**DATA:**
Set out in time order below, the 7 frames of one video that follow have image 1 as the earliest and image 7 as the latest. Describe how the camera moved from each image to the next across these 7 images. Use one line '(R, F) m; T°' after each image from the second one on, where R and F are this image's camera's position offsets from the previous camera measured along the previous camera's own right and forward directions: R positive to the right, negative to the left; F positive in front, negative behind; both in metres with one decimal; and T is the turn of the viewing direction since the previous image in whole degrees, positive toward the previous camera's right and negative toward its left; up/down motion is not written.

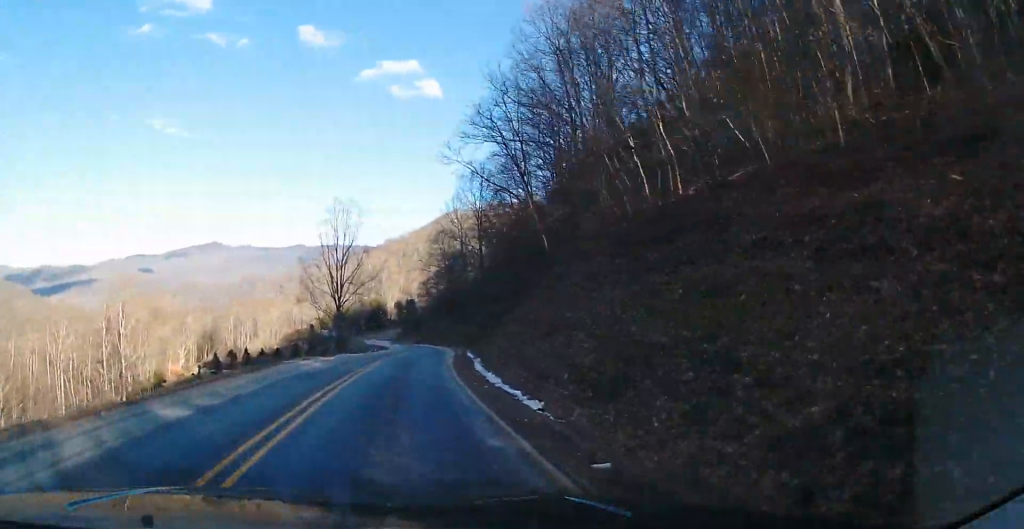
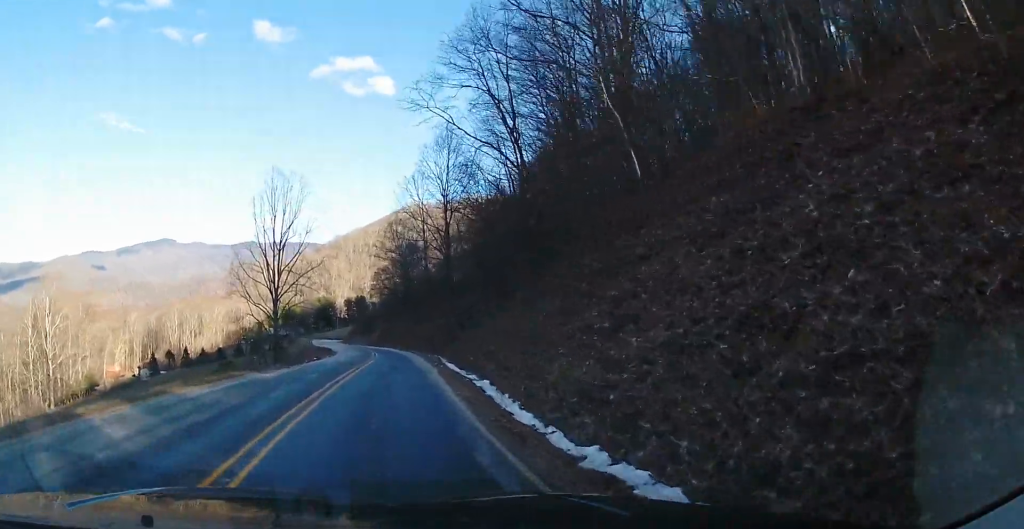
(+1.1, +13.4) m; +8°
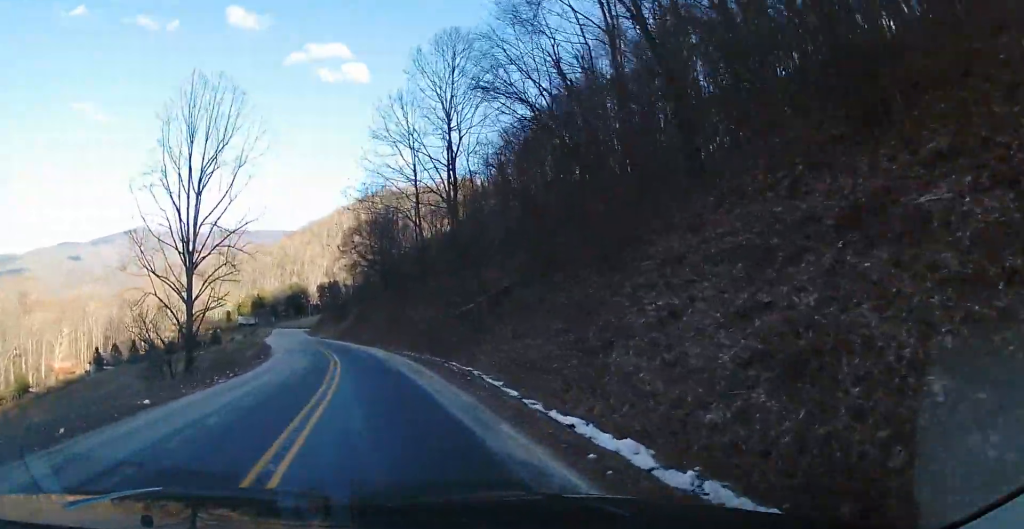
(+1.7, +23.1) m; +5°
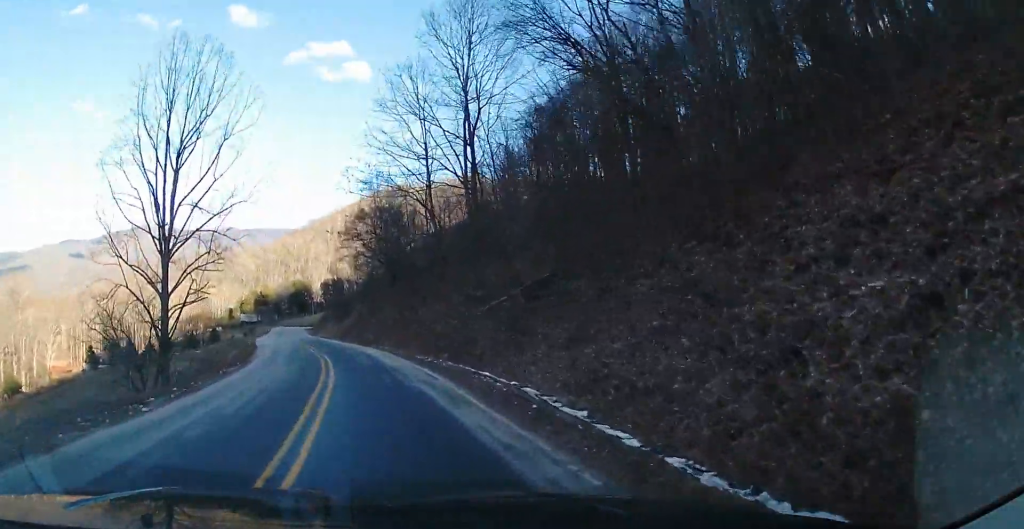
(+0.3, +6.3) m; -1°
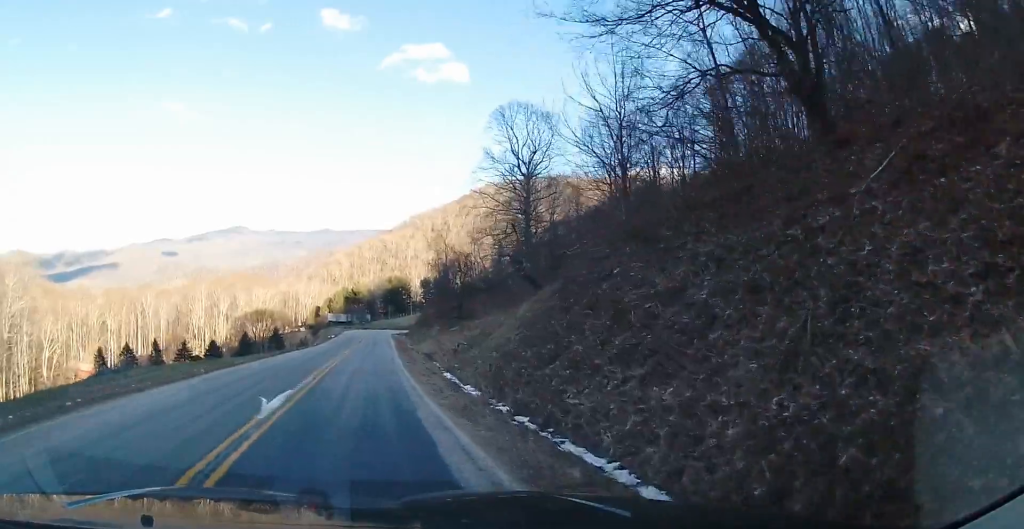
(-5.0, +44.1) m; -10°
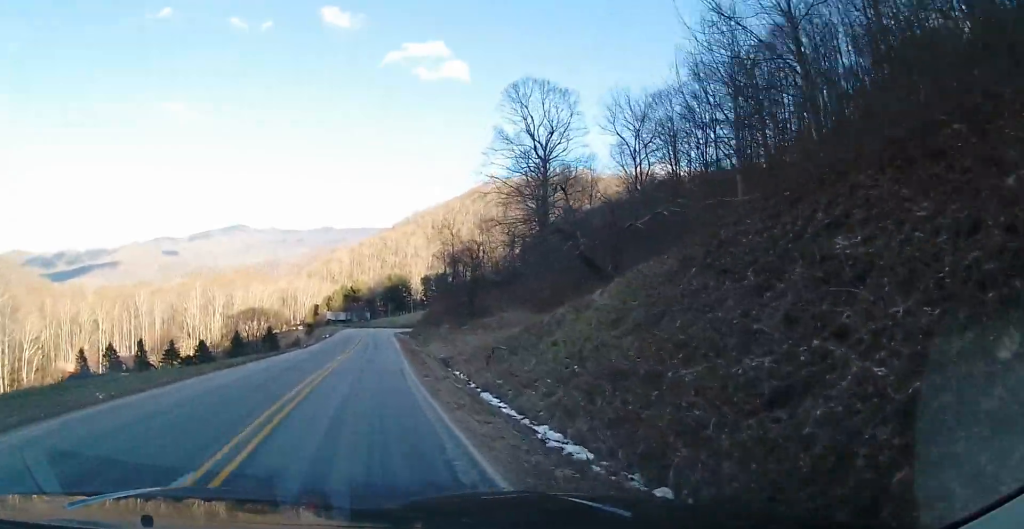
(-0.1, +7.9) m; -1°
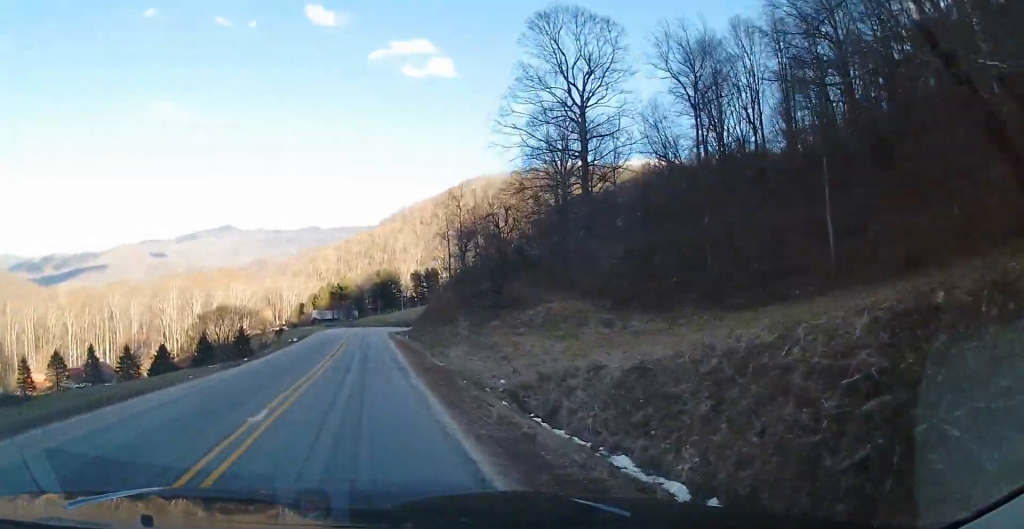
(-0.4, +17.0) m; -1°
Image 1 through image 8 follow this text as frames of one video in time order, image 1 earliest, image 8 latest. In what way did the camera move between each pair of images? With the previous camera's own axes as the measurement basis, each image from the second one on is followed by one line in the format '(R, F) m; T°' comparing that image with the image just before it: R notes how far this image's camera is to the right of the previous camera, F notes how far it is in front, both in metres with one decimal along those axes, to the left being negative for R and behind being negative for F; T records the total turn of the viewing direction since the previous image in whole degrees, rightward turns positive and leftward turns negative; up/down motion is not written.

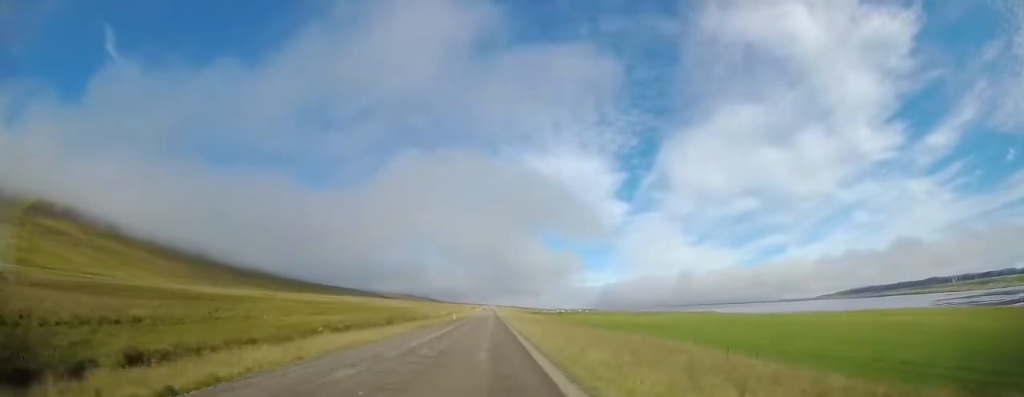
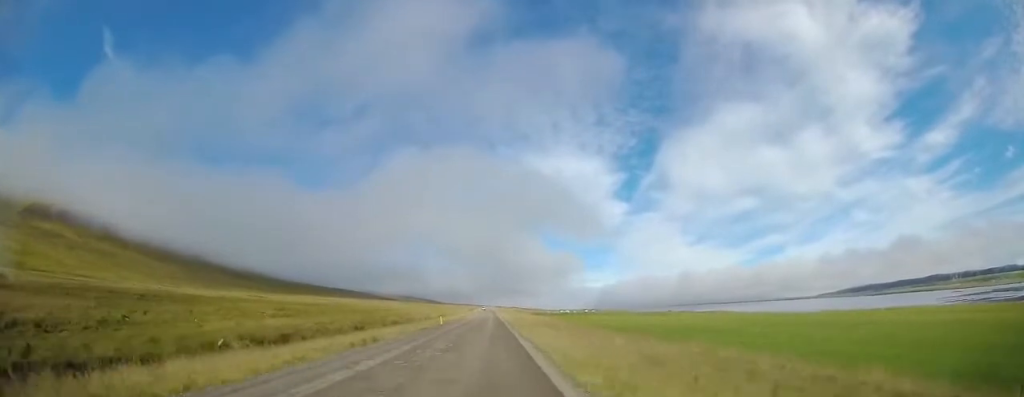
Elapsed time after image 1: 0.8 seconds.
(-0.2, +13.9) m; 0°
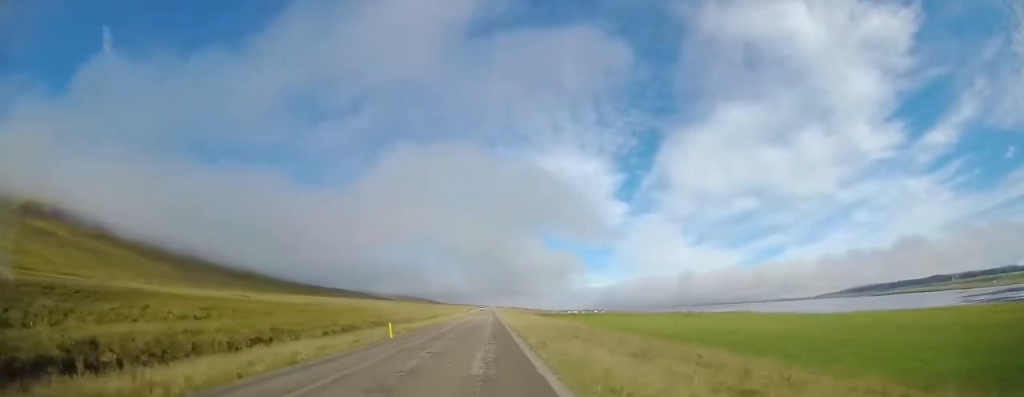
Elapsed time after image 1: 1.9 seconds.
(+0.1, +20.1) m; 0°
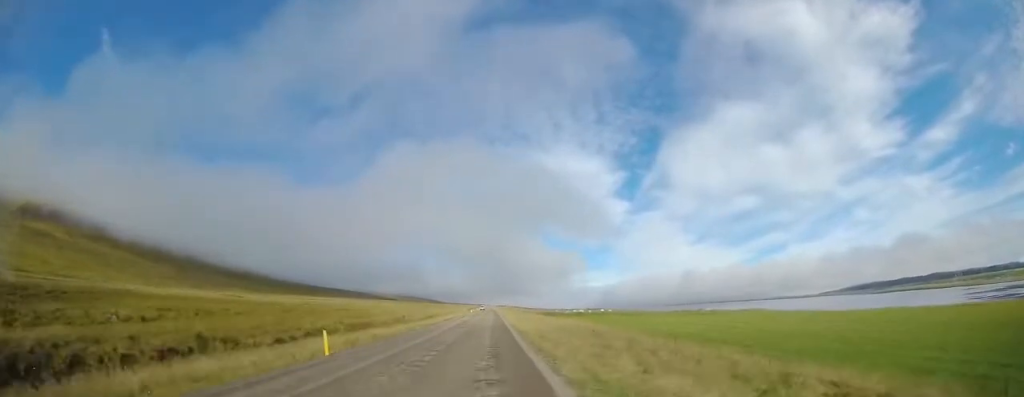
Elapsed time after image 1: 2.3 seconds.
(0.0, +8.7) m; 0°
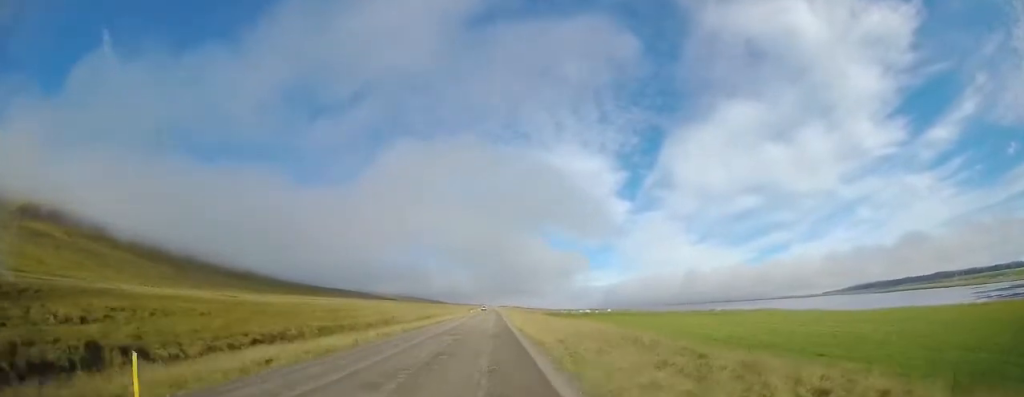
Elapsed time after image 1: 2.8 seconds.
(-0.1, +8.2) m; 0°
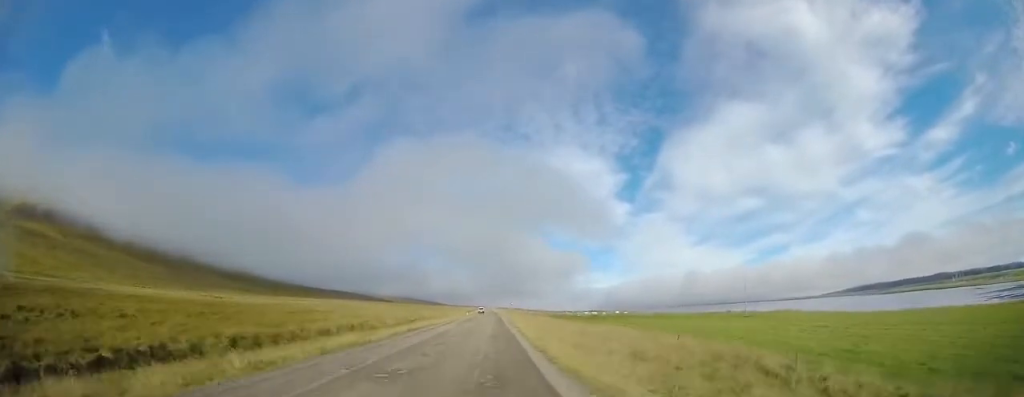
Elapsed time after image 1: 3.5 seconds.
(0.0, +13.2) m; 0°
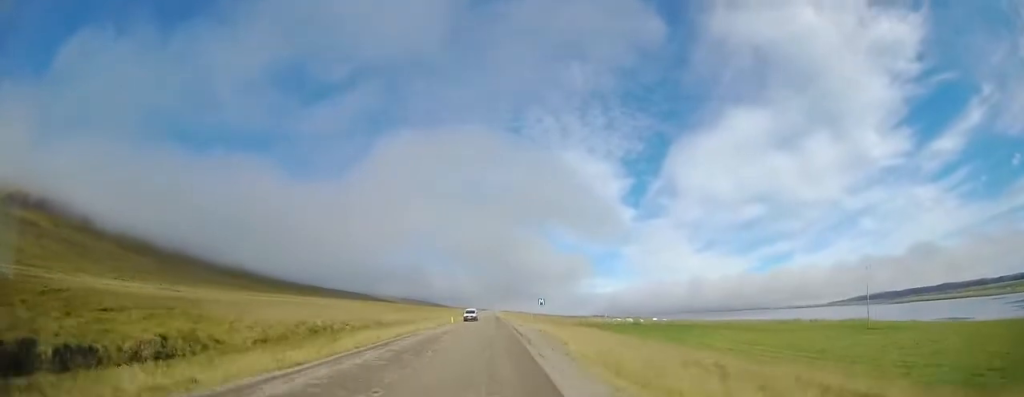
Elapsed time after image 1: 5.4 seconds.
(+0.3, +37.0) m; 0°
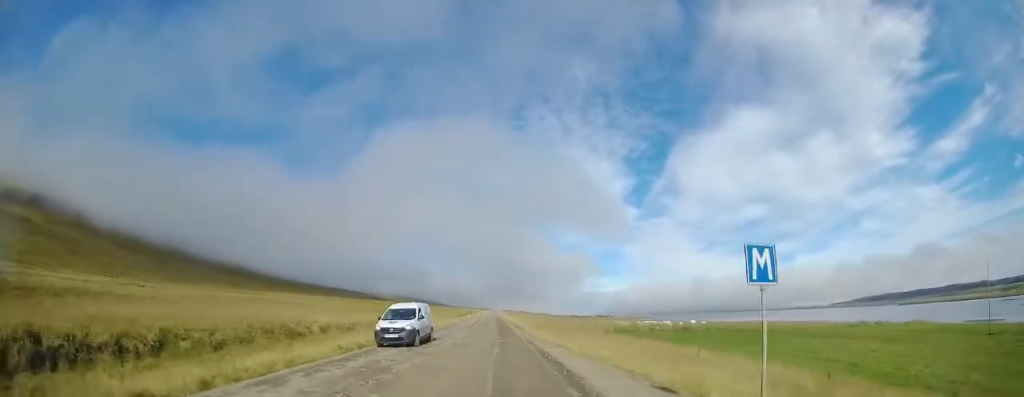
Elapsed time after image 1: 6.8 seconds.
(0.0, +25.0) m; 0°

**EXERCISE INSTRUCTIONS:** Every line in the data above needs to be given again exactly, pictures aside.

**SOLUTION TO THIS TASK:**
Set out in time order below, the 7 frames of one video that follow have image 1 as the earliest and image 7 as the latest. Describe how the camera moved from each image to the next across these 7 images. Use one line '(R, F) m; T°' after each image from the second one on, where R and F are this image's camera's position offsets from the previous camera measured along the previous camera's own right and forward directions: R positive to the right, negative to the left; F positive in front, negative behind; both in metres with one decimal; and T is the turn of the viewing direction since the previous image in whole degrees, positive toward the previous camera's right and negative toward its left; up/down motion is not written.

(+1.1, +13.4) m; +8°
(+1.7, +23.1) m; +5°
(+0.3, +6.3) m; -1°
(-5.0, +44.1) m; -10°
(-0.1, +7.9) m; -1°
(-0.4, +17.0) m; -1°
Image 1 through image 8 follow this text as frames of one video in time order, image 1 earliest, image 8 latest. In what way did the camera move between each pair of images? With the previous camera's own axes as the measurement basis, each image from the second one on is followed by one line in the format '(R, F) m; T°' comparing that image with the image just before it: R notes how far this image's camera is to the right of the previous camera, F notes how far it is in front, both in metres with one decimal along those axes, to the left being negative for R and behind being negative for F; T records the total turn of the viewing direction since the previous image in whole degrees, rightward turns positive and leftward turns negative; up/down motion is not written.

Elapsed time after image 1: 0.8 seconds.
(-0.2, +13.9) m; 0°
Elapsed time after image 1: 1.9 seconds.
(+0.1, +20.1) m; 0°
Elapsed time after image 1: 2.3 seconds.
(0.0, +8.7) m; 0°
Elapsed time after image 1: 2.8 seconds.
(-0.1, +8.2) m; 0°
Elapsed time after image 1: 3.5 seconds.
(0.0, +13.2) m; 0°
Elapsed time after image 1: 5.4 seconds.
(+0.3, +37.0) m; 0°
Elapsed time after image 1: 6.8 seconds.
(0.0, +25.0) m; 0°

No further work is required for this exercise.